Earned Return on Total Assets: In case of return on total assets, a downward trend can also be
observed as it decreased from 15.52% in 2015 to 4.86% in 2017. It indicates that the capacity of
the company to generate income before tax and to gain tax against resources has reduced. Thus,
it is a major risk in the company (Kabajeh, Al Nuaimat & Dahmash, 2012).
Net Profit Margin Analysis: Declining trend can also be seen in the net profit margin of the
company as in dreaded from 17.85% in 2015 to 10.38% in 2017. It shows the reduced capacity
of the company to earn profits and leads to the high risk of profitability.
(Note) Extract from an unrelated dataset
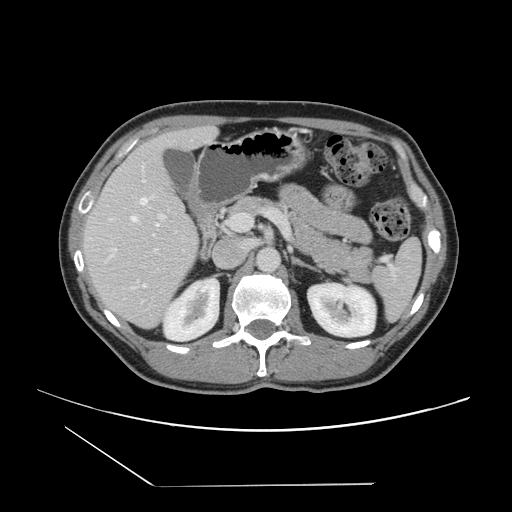
CT scan slice. Abdomen.
The vessel boxes may cover only some of the vessels.
8 hepatic vessel regions are located at {"x1": 137, "y1": 218, "x2": 137, "y2": 221}, {"x1": 108, "y1": 220, "x2": 111, "y2": 220}, {"x1": 111, "y1": 248, "x2": 115, "y2": 248}, {"x1": 104, "y1": 260, "x2": 105, "y2": 262}, {"x1": 146, "y1": 197, "x2": 150, "y2": 200}, {"x1": 142, "y1": 167, "x2": 143, "y2": 169}, {"x1": 110, "y1": 251, "x2": 111, "y2": 255}, {"x1": 131, "y1": 287, "x2": 135, "y2": 288}.

This is one of the major
financial risks of the companies as the company is failing in the generation of higher net profit
(Stahl et al., 2012).
Time Earned Ratio Analysis: The capacity of the company to earn interest has decreased as the
times earned ratio decreased from 4.10 in 2015 to 1.90 in 2017. It leads to the financial risks as
the firm is losing its capacity to earn interest incomes.
Days in Accounts Receivable: It can be seen that there has been an increase in the days in
accounts receivable from 53.24 in 2015 days to 83.07 in 2017. This aspect increases the bad debt
risk of the company for the increase in the chance to not recover the receivables (Michalski,
2013).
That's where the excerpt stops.